An extract from Kate Pelling's PhD Thesis – ‘Select Reject Reconfigure: Editing Speech in Artists’ Direct Address to Camera’ (2016)

Blind-drawing is a technique adapted from ‘contour drawing’ (Nicolaïdes, 1941, pp. 9-10), where the artist draws the contour of a subject without looking at the paper. In an extension of this process, blind-editing is when a cut is made along the timeline of the video editing software without first looking at the video material in the viewer. In this way, I could select or reject entire sections of video material without knowing what I was selecting or rejecting. This process takes the editing decisions away from the content of the material and causes disruptions and unexpected connections that can be exploited in other ways. I have found the process to be useful from a linguistic perspective because it manufactures a technological variation on a stuttered or stumbled speech utterance, which in simple terms means that I can create speech errors within the technological editing process.

An example of this is that blind-editing can result in a cut being made through the centre of a single word, which affects the word’s meaning and emphasis. In Elephant and Punishment (2011, 02:54 mins.) this technique is only applied to the primary informant, the commentator’s speech remains whole. At 00:19 mins., the primary informant says the phrase ‘achieve my ambition’, and blind-editing resulted in the removal of a single digital frame from the word ‘achieve’. This shortened the word to sound more like ‘achiff’ which makes it sound strange and adds more emphasis than there was in the original recording. The distortion opens up several possibilities, the word may remain recognisable because it has already been said in its full form, it might be a mistake, because there are speech errors present in the video, or possibly it is a new word that is unfamiliar to the viewer. Cutting out a piece of a word in this way also questions whether the smallest linguistic form is a word, or whether editing should be used to break the word down even further, into syllables or frames. The McGurk experiments (McGurk & MacDonald, 1976), used single syllables to demonstrate an interaction between hearing and vision in speech perception. However, I decided that removing more than one frame from the centre of a word, or breaking the words down into incoherent syllables that no longer form words would be counter-productive for my research, because some sense of the word needs to be retained so that the speech maintains an integrity related to being natural speech and not scripted speech. I had previously experimented with using lists of words that had no relationship to natural speech, for example Palilalia Interrupted (2012, 02:00 mins.) in which I list numbers ‘one, two, three, four’ and words such as ‘head, shoulders, knees, toes’, and then use the editing process to disrupt the lists of words. But this approach did not produce any speech errors and so I did not continue with the strategy in my research.

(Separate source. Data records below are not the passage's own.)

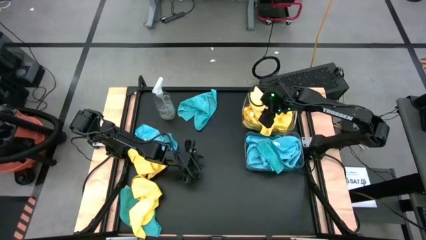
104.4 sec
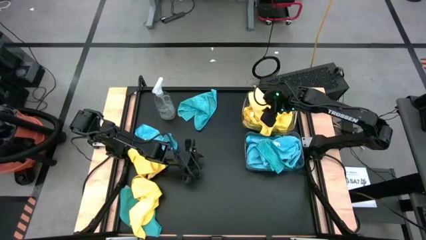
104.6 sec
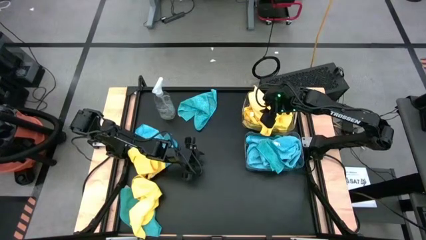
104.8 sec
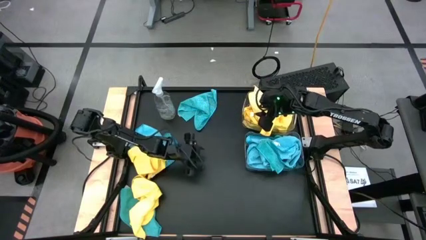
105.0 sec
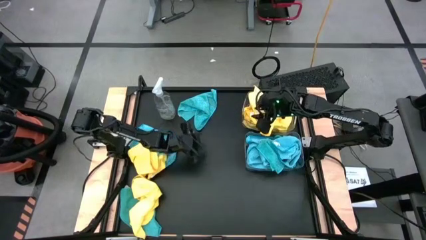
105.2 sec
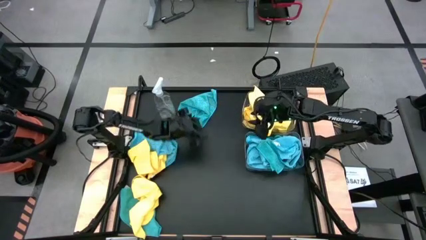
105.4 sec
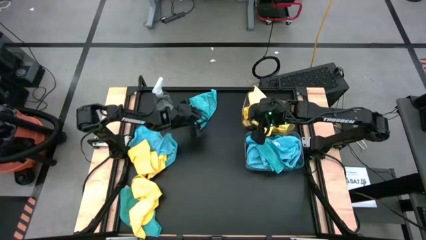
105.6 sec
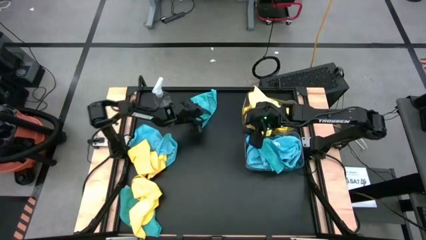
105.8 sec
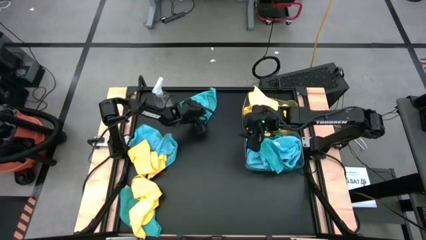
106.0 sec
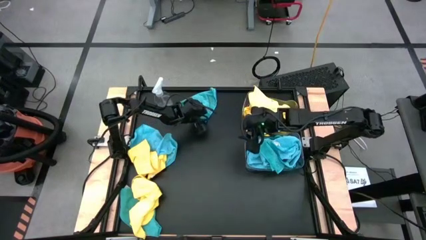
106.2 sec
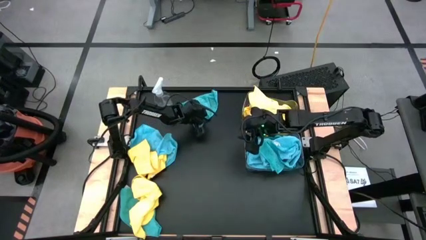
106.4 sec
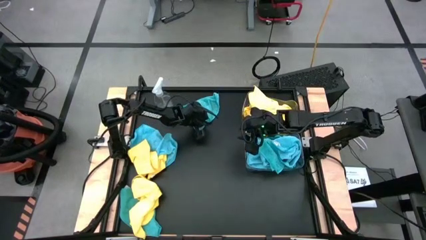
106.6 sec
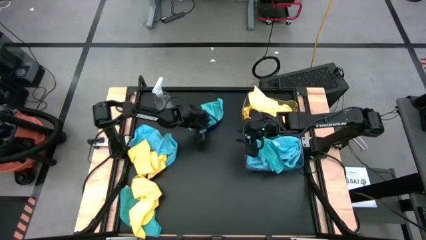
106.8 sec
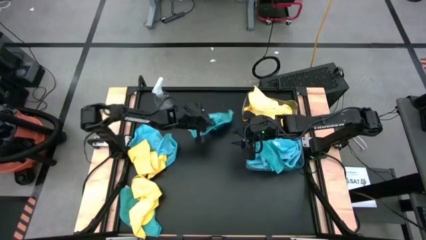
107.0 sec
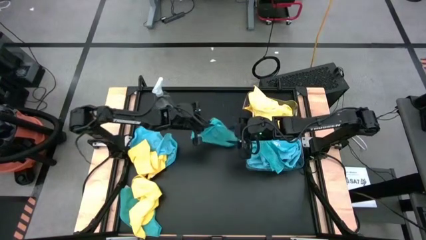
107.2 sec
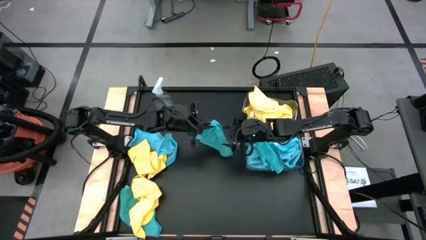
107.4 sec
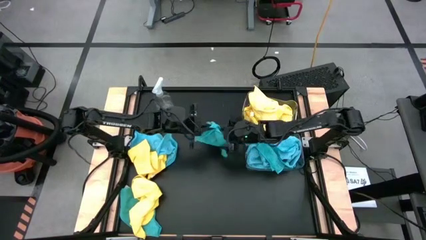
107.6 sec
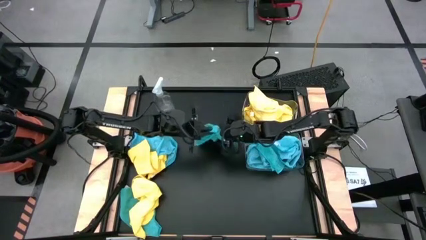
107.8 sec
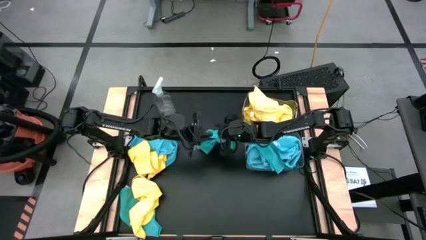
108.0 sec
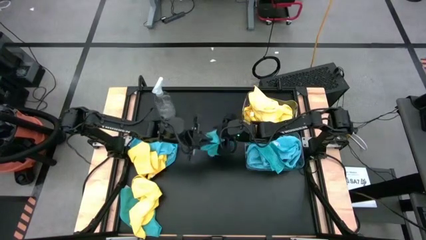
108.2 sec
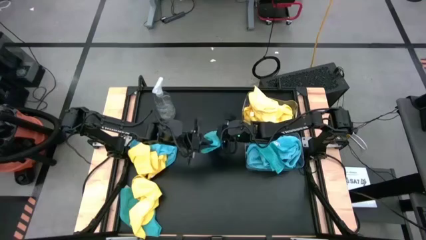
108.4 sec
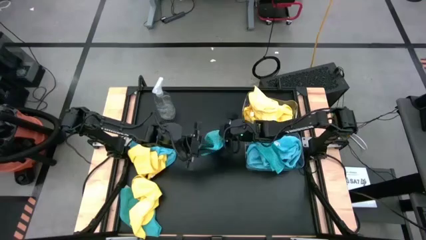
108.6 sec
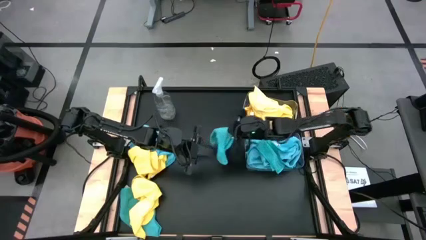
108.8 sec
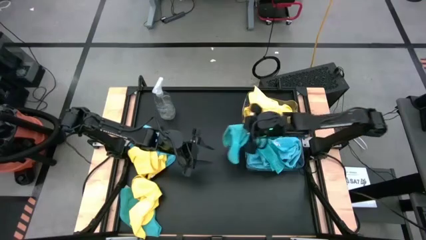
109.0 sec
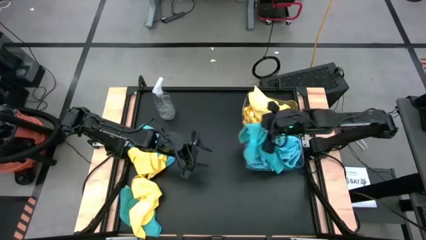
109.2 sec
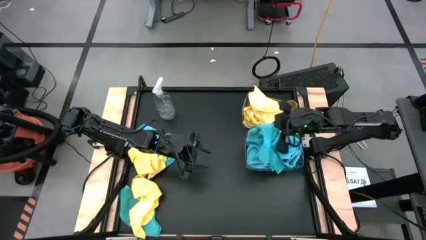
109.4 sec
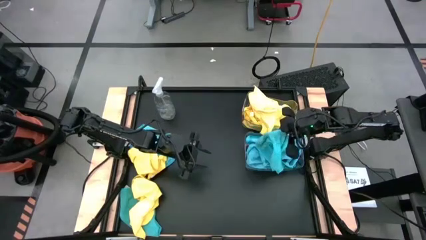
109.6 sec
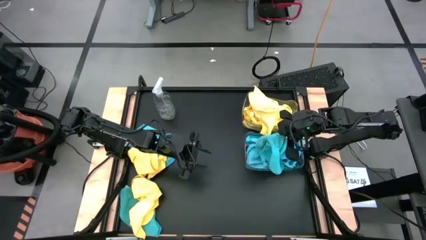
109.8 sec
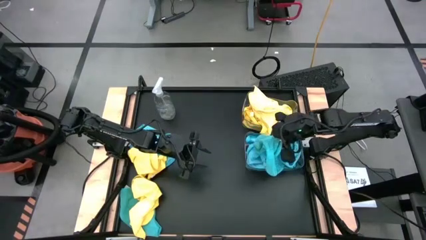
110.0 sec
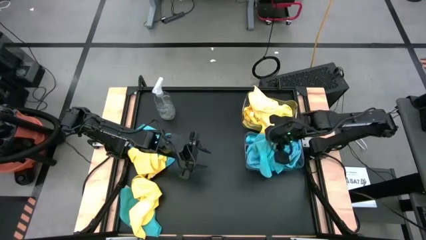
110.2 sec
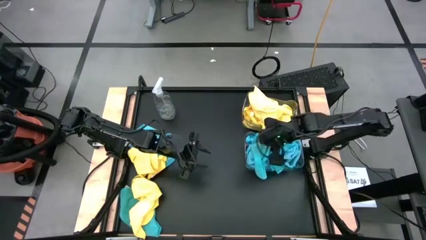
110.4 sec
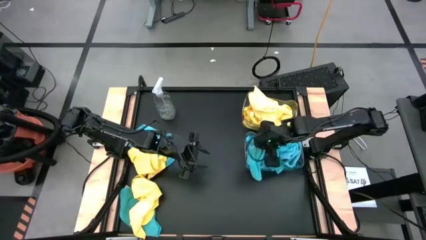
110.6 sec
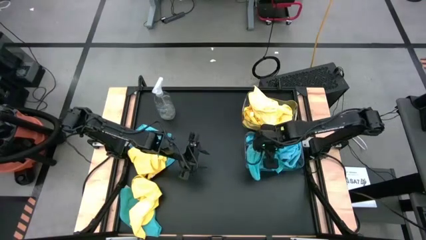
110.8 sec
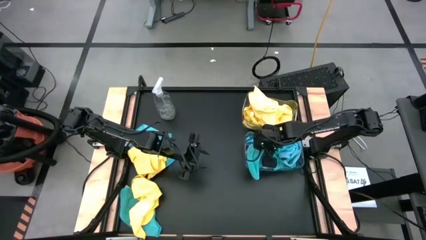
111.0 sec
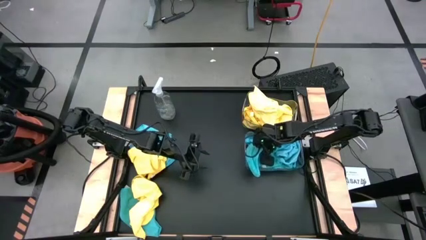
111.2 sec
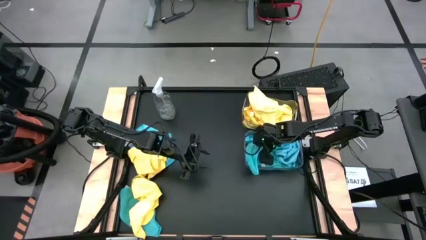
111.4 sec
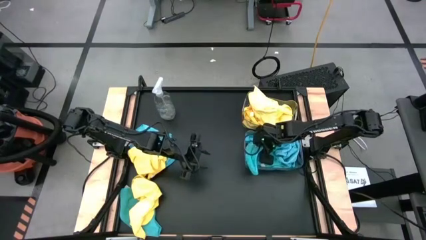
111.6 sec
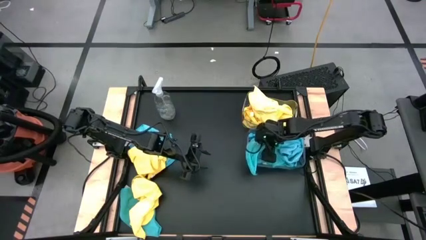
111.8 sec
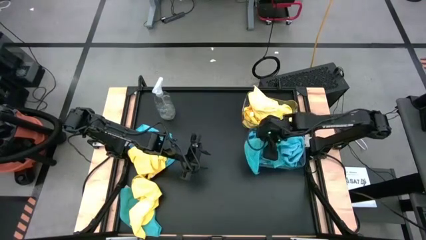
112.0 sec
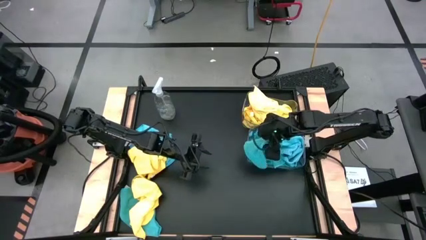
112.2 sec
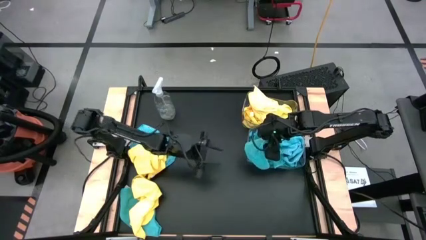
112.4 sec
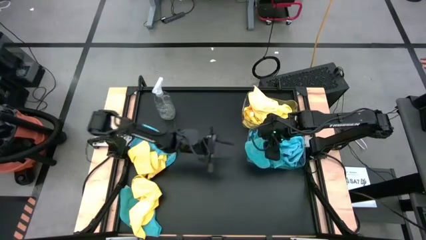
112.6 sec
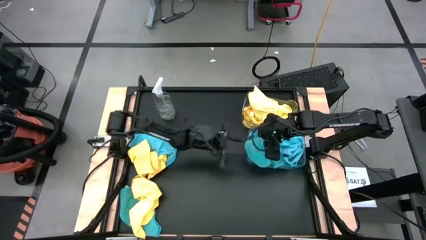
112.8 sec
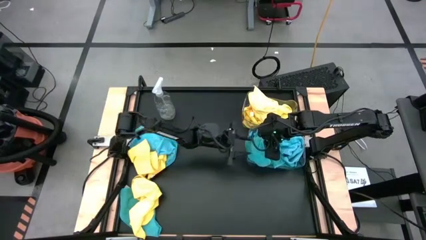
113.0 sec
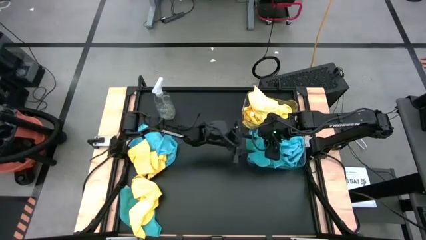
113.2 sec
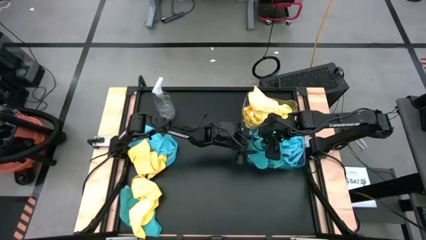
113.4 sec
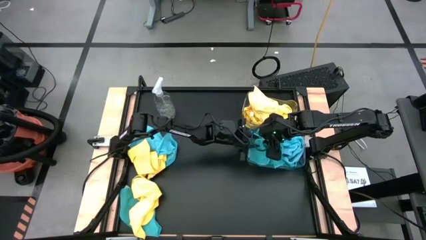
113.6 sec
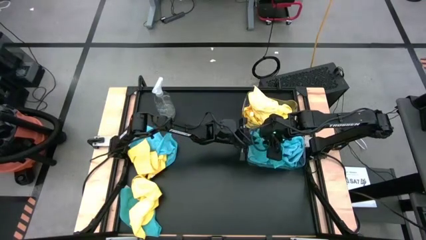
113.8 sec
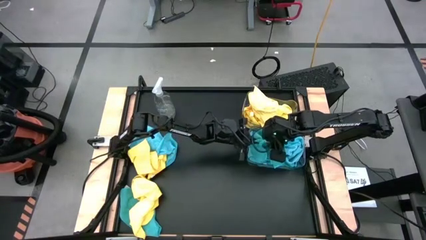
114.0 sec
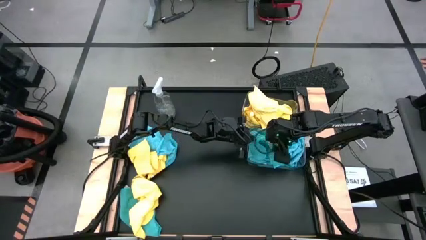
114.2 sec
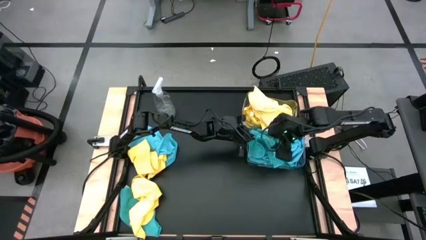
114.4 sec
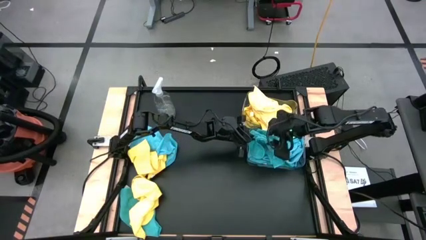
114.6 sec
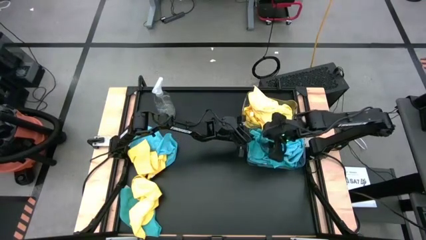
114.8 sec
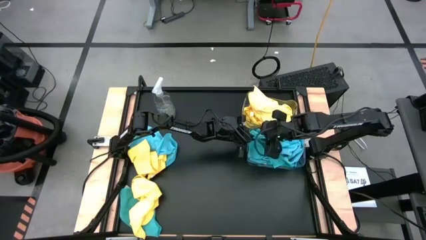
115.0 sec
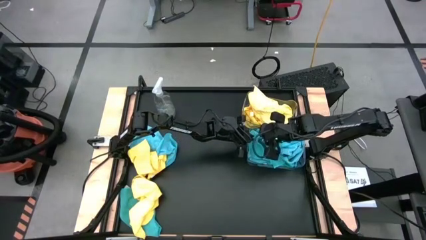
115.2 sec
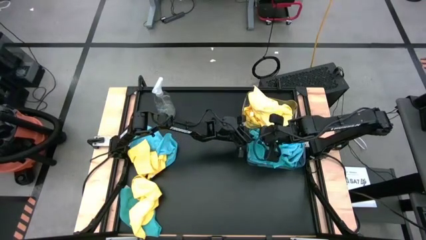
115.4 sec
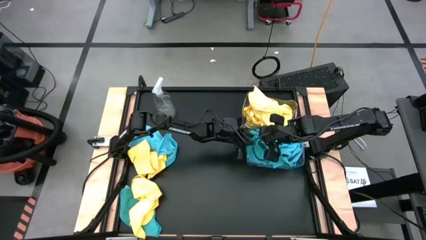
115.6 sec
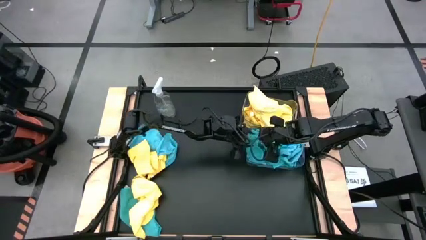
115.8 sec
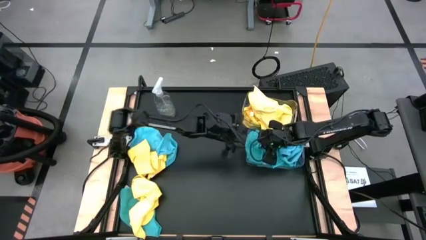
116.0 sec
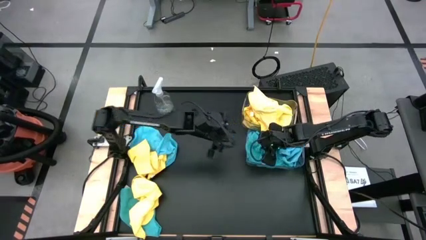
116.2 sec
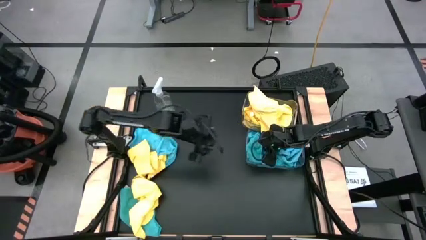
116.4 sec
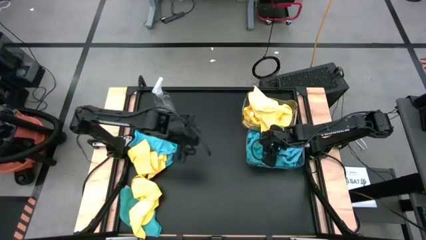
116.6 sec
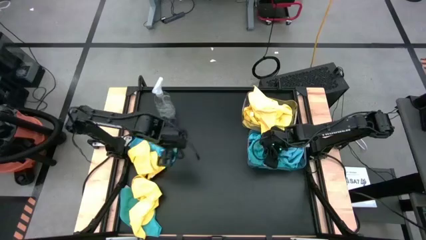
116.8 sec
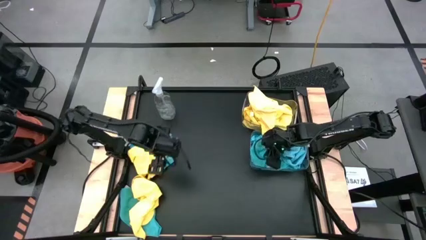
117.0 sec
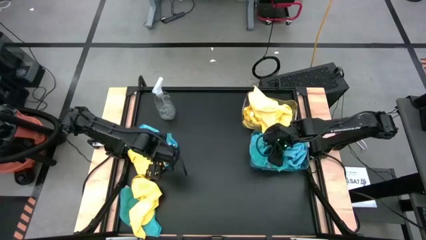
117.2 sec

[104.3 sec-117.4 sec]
Put the blue microfiber towel into the bottom transparent bin

In addition to blind-editing, which can create technological variants of speech errors, I have found that technological faults have also driven this research forward. A Conversation With Myself (2010, 08:10 mins) had been a defining moment in this research because it was the first video in which I talked directly about the subject of direct address to camera. Another significant shift took place shortly after making that video, as a result of a mechanical fault in a camera. The fault caused all of the recorded speech to slip out of synch, and I had to correct this issue during the editing of the piece. In subsequent video works, knowing that my camera was responsible for making the speech out of synch and unable to replace it due to financial restrictions, I began to edit out the majority of the speech from the videos. I only retained the moments without speech, the spaces in between words and the pauses. The editing was very visible, with considerable use of jump cuts and blind-editing. At this stage of my research the technological editing process became my key strategy for expanding the language of editing.